I flutter my eyes open. The pain is unbearable, and it takes me a few seconds to focus on the man holding me. He’s upside down. No, I’m upside down. I turn my head swiftly to the side. I’m still buckled in the car. The passenger seat is empty. Glass is everywhere.

Panic washes over me. “Where is she? Where’s Lauren?”

I recognize the man now. He works for my father. He’s not one of his main men, but I’ve seen him around. I don’t even know his name.

“Don’t worry about her, princess. You’ll never have to see her ever again.”

40

THE BEGINNING

Lauren- One week earlier

“This is our only chance, Lauren,” Lucy says, encouraging me to move from the bed. Panic laces her voice in a way I’ve never heard before. If Lucy is scared, then there’s good reason to be. She takes my hand and draws a pattern in the palm in the way she used to when we were young. Before I could speak. Before I knew how to communicate at all. The feel of her fingertips sooths me and reminds me that it’s just me and her. That it’s always been just me and her. Three presses follow. We are ok. We are totally fine.

Fear holds me in a vice-like grip, but a twinge of excitement propels me forward. Today is the day I’m going to feel the sun on my face for the first time. Today is the first time I’m going to breathe fresh air.
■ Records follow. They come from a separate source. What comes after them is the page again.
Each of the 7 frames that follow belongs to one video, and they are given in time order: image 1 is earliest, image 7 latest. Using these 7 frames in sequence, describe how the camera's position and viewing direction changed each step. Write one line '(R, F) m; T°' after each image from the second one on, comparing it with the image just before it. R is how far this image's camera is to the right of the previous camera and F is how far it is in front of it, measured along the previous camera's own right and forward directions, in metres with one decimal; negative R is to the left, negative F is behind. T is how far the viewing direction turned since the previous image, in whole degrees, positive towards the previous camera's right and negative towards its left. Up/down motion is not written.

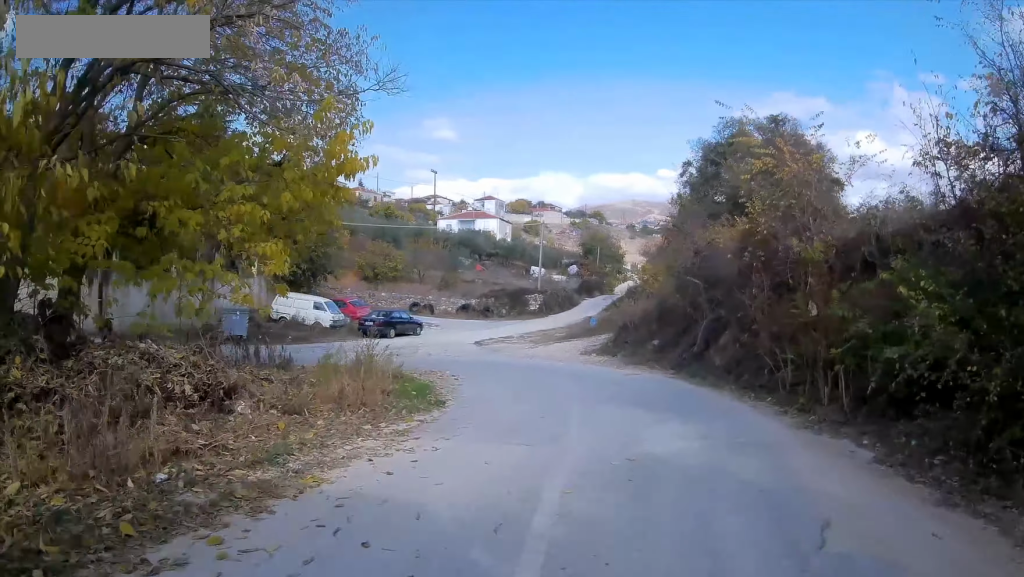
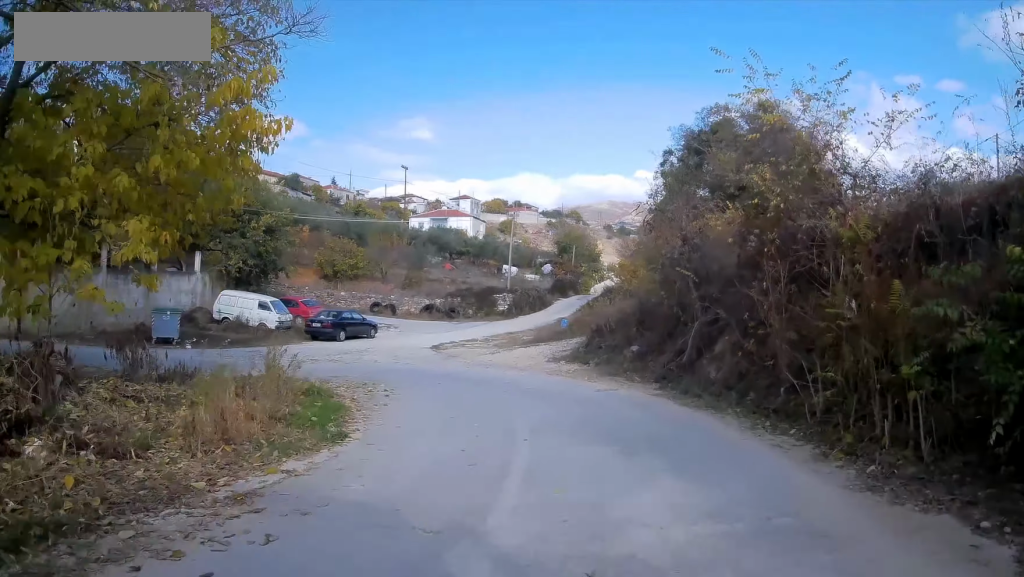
(+0.2, +4.2) m; +3°
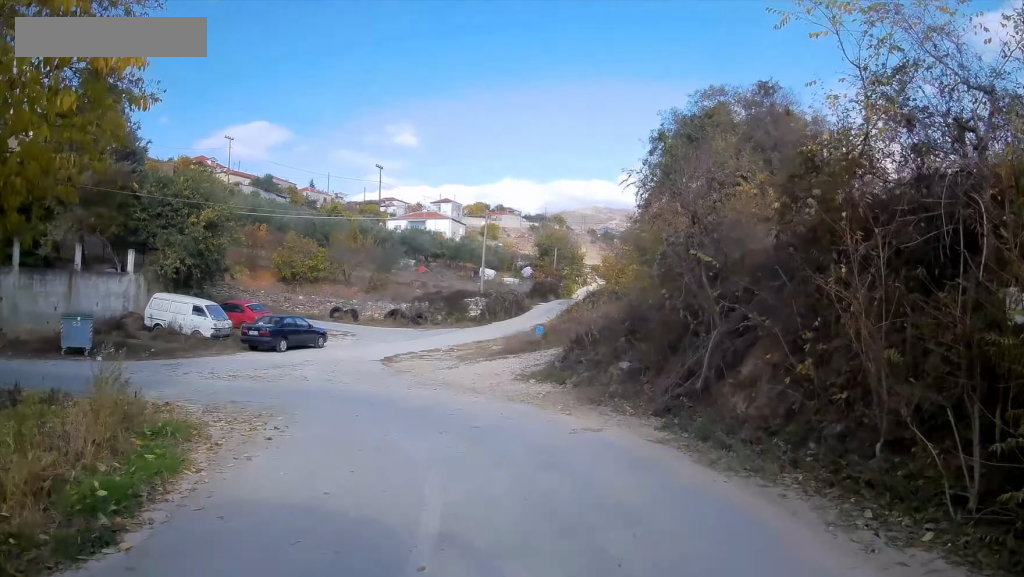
(+0.1, +5.1) m; -2°
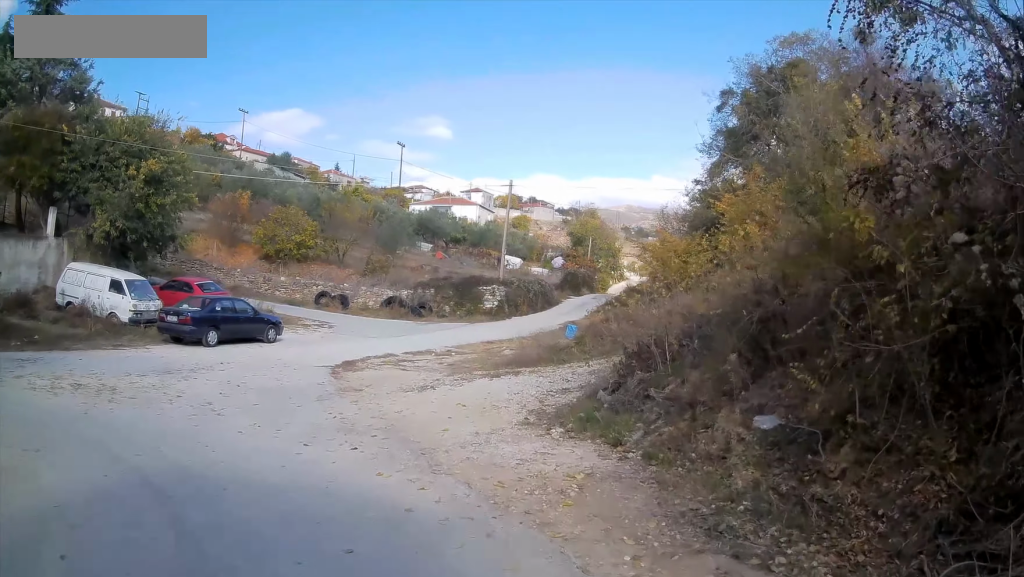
(-0.5, +8.8) m; -7°
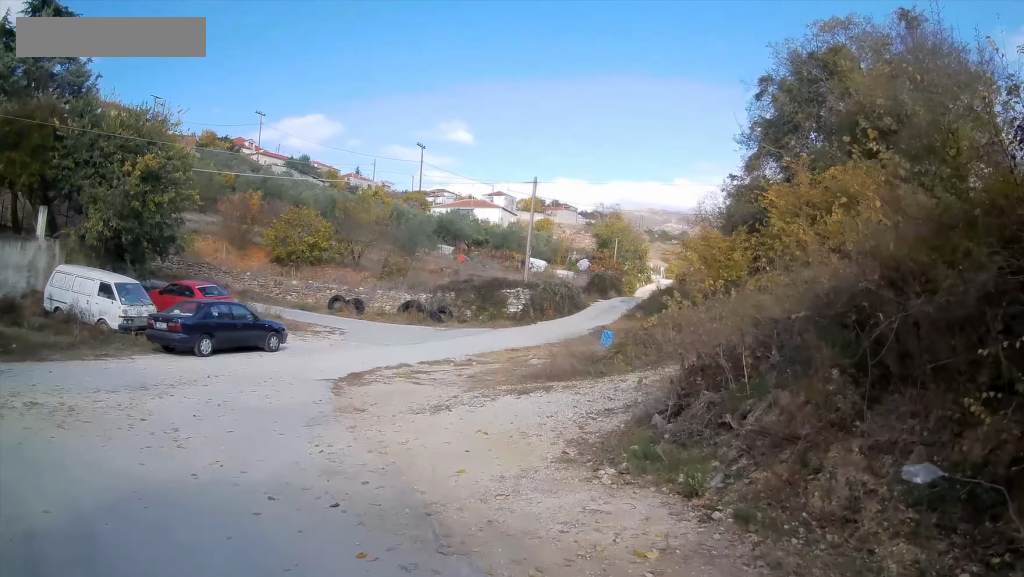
(+0.1, +2.3) m; -2°
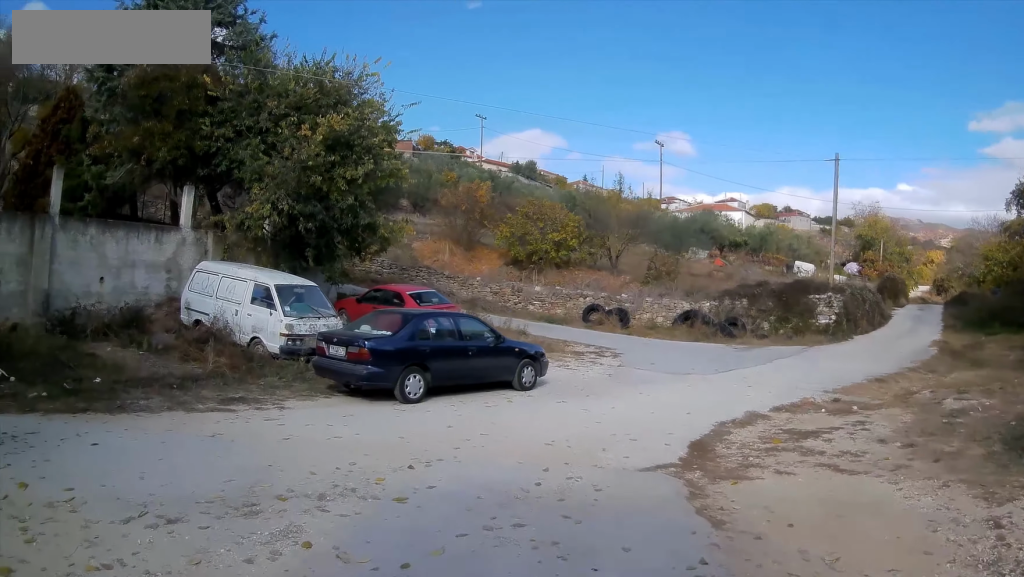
(-1.9, +7.8) m; -26°
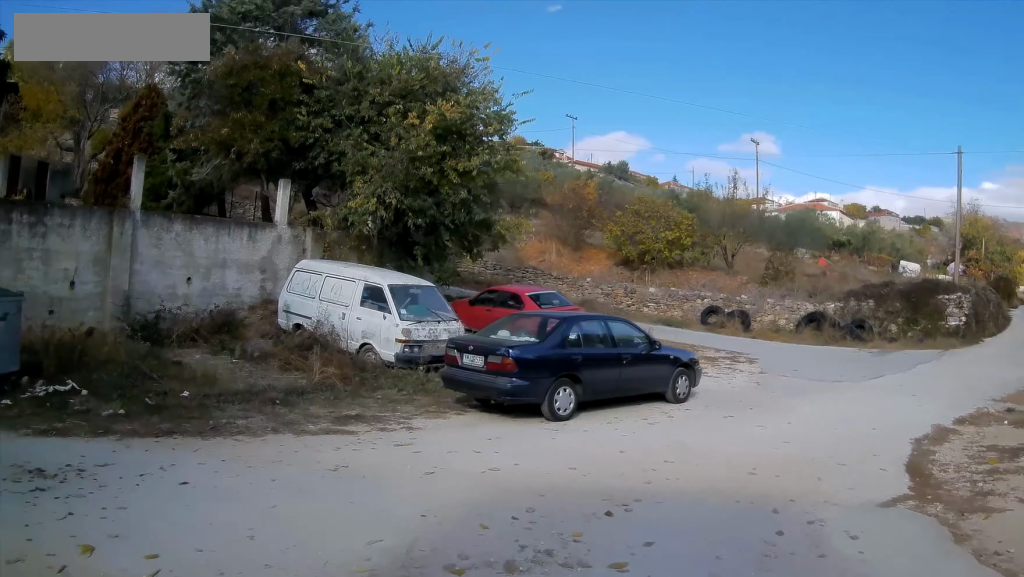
(-0.1, +1.8) m; -8°

Today is the first day of my twenty years that I’m going to live. I’ve never been more terrified and more excited in my life.

“Father is out. He’s not really the problem anyway. He doesn’t give two shits about either of us, at least not in private,” Lucy says as she guides me from my room. A room I’ve inhabited since the day I was born. I count the steps to the door. They feel more urgent than they have ever done before, but the number remains the same. Seven steps to the door. Fourteen steps to the outer door and seventeen steps to the bathroom. I won’t be going to that bathroom ever again. Today I’ll go through the outer door. I try to focus on what Lucy’s telling me, although she’s speaking to herself as much as she’s speaking to me. This has been planned for weeks, ever since Father announced that he was having the security system updated and there would be a two hour break between the old security system being taken down and the new one getting up and running. I know she’s as nervous as I am. If things go wrong, I won’t be punished. Or at least I won’t be punished any more than I’m used to. Lucy is the one that gets to have her legs and arms painted black and blue in the shape of our father’s fists. It doesn’t happen much anymore because Lucy has learned to toe the line, but if he finds out what we are about to do, I hate to think what will happen.
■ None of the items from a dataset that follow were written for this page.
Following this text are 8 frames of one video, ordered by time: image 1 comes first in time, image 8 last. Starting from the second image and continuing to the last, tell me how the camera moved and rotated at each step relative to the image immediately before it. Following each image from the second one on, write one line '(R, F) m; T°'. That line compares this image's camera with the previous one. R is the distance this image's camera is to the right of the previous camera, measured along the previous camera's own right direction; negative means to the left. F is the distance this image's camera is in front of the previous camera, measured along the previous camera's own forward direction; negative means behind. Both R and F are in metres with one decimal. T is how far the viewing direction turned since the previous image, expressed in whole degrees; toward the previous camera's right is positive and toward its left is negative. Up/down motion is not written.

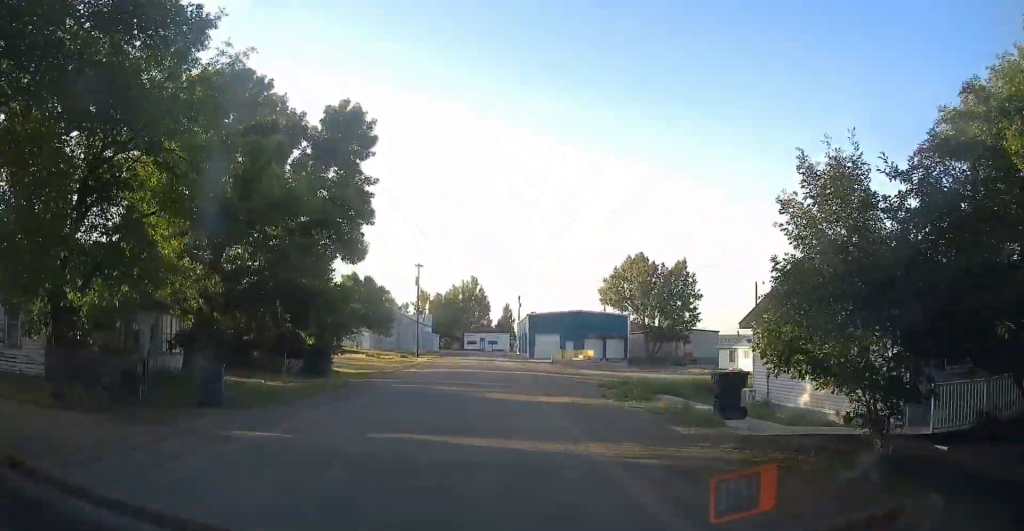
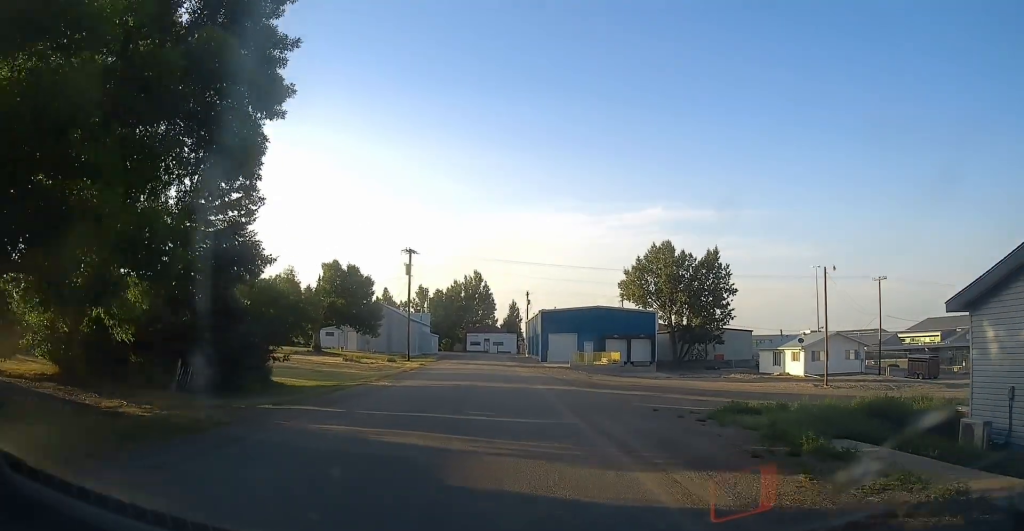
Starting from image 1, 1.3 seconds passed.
(0.0, +11.8) m; +1°
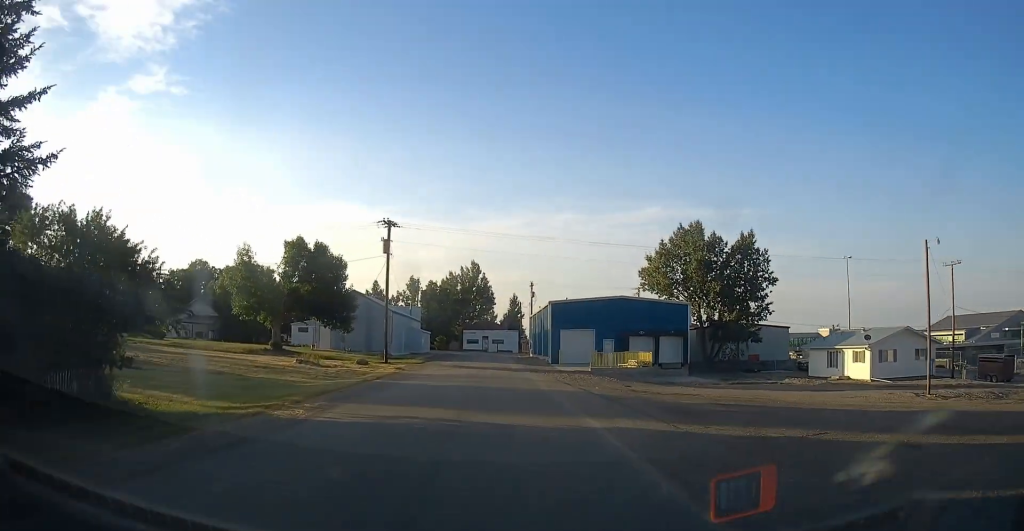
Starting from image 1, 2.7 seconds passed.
(+0.5, +12.2) m; +3°
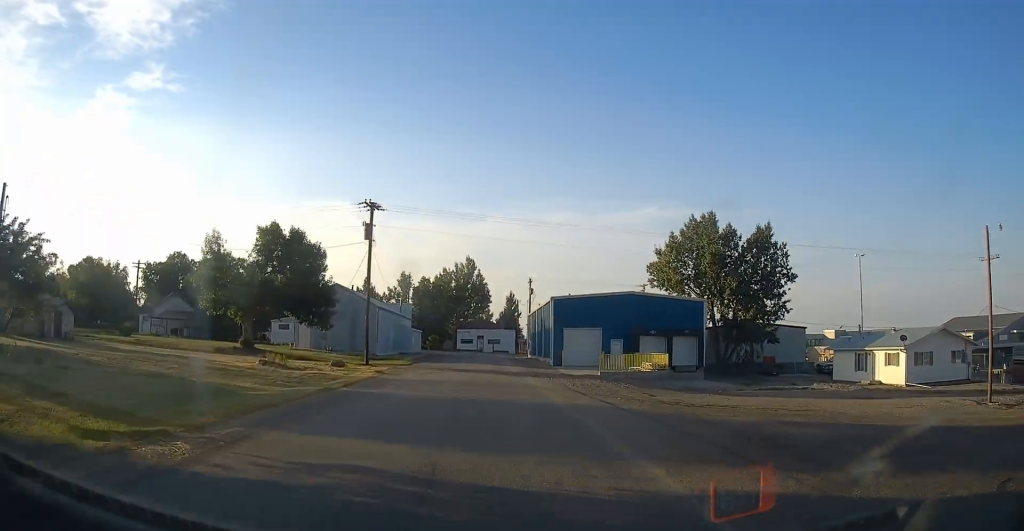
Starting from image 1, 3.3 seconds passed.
(+0.1, +5.7) m; -1°
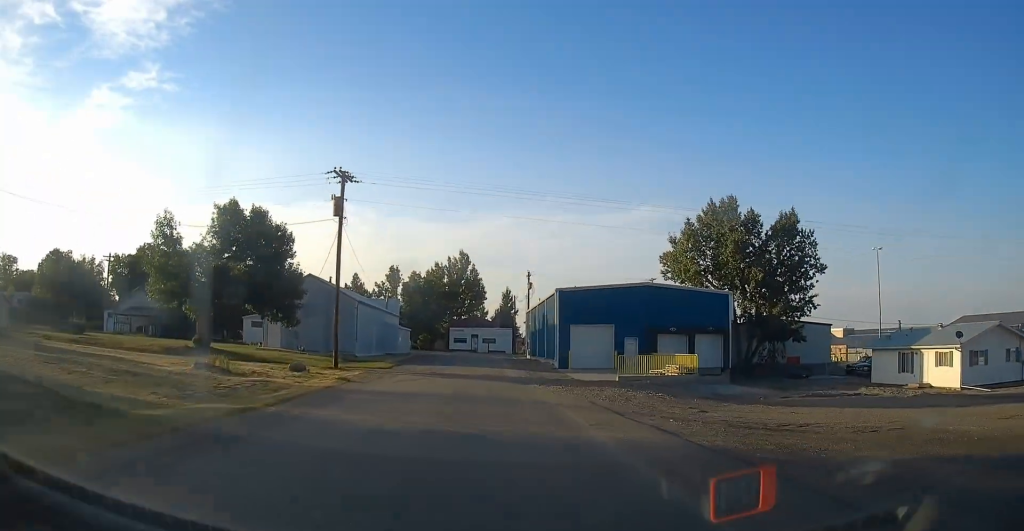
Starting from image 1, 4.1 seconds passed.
(-0.3, +7.3) m; -3°
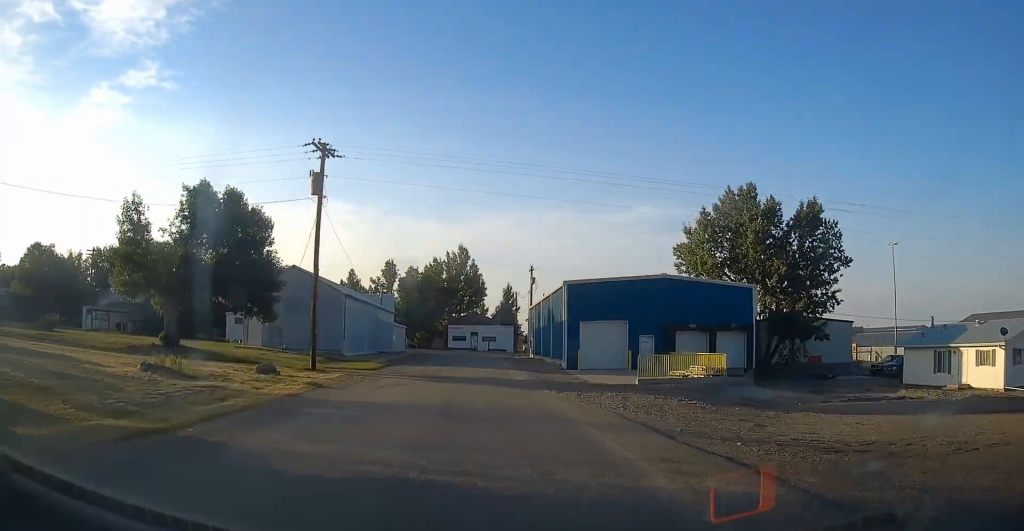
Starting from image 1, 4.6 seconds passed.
(0.0, +4.5) m; 0°
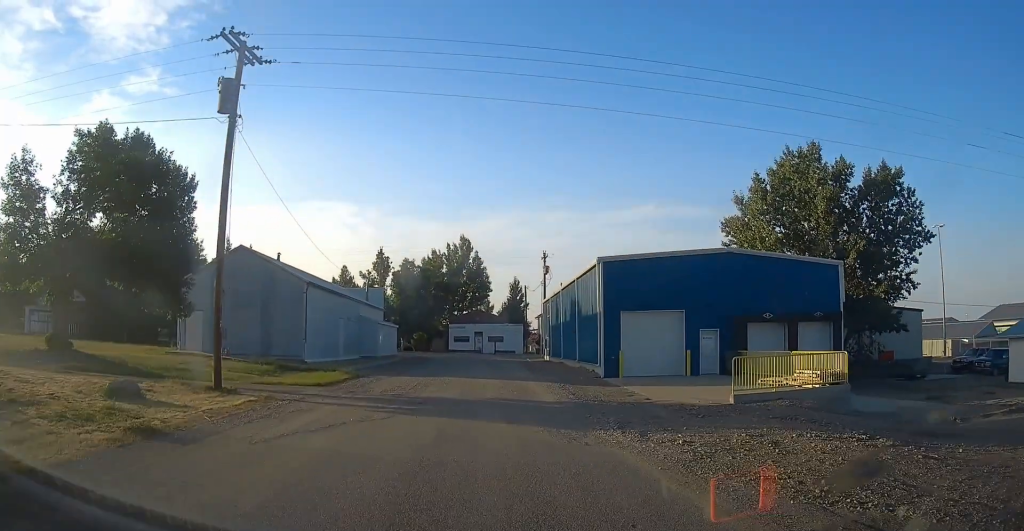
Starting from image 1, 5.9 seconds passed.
(0.0, +11.3) m; 0°
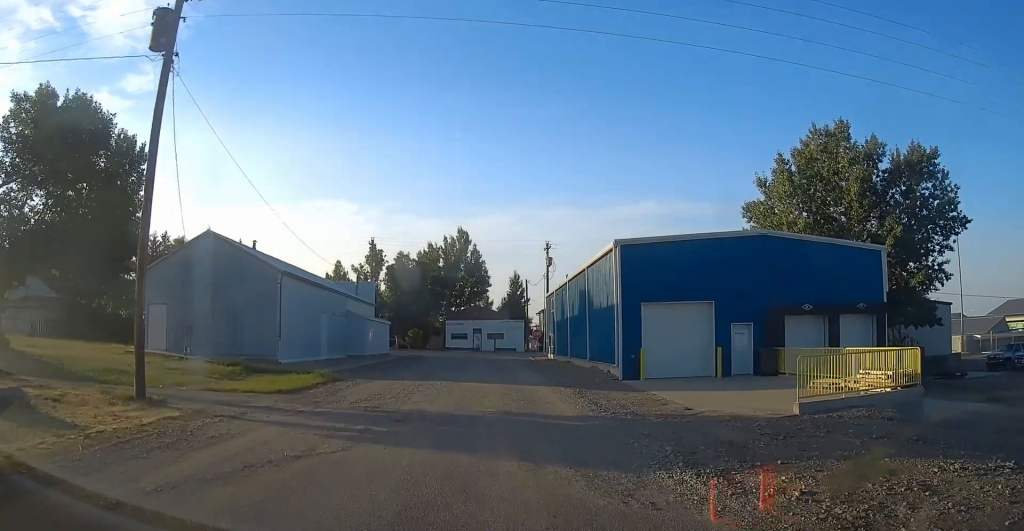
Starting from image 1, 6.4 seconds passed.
(0.0, +4.4) m; 0°

I focus on the part about him being away. Some business trip or other. The monster can’t hurt either of us if he’s in another city, another state, another country.

I’ve never met our father. I’ve lived in the same house as him my whole life, but from the day I was born, he has never laid eyes on me. Not knowing him doesn’t limit the fear I have of him. If anything it makes it worse. I wonder if I’d met him, would I feel less scared. I doubt it. Lucy has to deal with him all the time and I can feel her terror of him by the way her hand trembles.

The outer door opens. My heart gives a small flutter. A muscle memory. The door opening usually means Lucy is here to visit with me, but of course she’s already here. This time the sound of the door opening is the sound of freedom.